* **YOUR INSTRUCTIONS**
From the entries below, please output exactly the lines starting at the one containing "land cover: Grassland" and ending at the one containing "stones on the ground: < 10 %", both included.

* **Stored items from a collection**
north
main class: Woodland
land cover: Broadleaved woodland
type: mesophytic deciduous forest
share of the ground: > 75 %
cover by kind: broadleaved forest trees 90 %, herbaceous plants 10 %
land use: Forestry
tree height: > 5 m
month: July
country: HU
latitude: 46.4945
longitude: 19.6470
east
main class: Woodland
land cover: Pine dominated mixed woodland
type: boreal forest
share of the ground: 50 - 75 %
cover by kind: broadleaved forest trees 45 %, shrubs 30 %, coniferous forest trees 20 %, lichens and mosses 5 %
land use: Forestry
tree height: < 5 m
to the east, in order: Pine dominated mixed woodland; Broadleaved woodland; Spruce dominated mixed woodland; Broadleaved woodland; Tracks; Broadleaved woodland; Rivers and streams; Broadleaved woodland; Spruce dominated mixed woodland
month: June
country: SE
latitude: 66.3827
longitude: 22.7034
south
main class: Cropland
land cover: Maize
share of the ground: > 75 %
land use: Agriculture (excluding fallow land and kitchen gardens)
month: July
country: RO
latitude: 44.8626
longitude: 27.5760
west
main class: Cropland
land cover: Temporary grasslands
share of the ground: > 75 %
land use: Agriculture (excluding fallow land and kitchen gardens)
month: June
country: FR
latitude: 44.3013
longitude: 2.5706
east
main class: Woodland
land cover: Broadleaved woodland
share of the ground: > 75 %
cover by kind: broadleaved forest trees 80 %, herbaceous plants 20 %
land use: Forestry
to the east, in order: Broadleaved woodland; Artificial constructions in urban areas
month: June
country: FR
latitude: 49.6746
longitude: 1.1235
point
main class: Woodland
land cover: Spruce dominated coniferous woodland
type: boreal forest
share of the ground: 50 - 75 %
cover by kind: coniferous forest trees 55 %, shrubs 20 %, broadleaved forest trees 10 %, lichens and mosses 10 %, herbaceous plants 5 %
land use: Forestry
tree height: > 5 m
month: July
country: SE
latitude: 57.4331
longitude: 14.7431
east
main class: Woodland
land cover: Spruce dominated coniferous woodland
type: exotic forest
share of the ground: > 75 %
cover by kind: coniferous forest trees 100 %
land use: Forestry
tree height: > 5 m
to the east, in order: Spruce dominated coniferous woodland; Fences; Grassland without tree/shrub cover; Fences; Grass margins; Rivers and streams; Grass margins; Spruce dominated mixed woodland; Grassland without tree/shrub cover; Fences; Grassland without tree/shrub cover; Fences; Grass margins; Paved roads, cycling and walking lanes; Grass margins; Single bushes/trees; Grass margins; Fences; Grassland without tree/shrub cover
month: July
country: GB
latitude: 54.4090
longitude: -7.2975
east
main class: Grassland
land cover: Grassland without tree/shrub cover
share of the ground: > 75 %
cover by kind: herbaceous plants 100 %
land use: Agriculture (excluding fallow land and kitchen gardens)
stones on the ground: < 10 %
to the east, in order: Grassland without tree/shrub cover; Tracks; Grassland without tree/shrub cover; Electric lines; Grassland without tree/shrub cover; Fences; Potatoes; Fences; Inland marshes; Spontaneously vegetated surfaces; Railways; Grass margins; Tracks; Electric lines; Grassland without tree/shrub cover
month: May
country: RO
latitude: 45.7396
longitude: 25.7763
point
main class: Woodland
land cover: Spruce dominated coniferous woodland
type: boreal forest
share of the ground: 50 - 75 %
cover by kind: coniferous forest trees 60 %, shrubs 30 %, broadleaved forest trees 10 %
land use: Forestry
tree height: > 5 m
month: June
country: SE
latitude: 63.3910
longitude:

* **RESULT OF THE EXERCISE**
land cover: Grassland without tree/shrub cover
share of the ground: > 75 %
cover by kind: herbaceous plants 100 %
land use: Agriculture (excluding fallow land and kitchen gardens)
stones on the ground: < 10 %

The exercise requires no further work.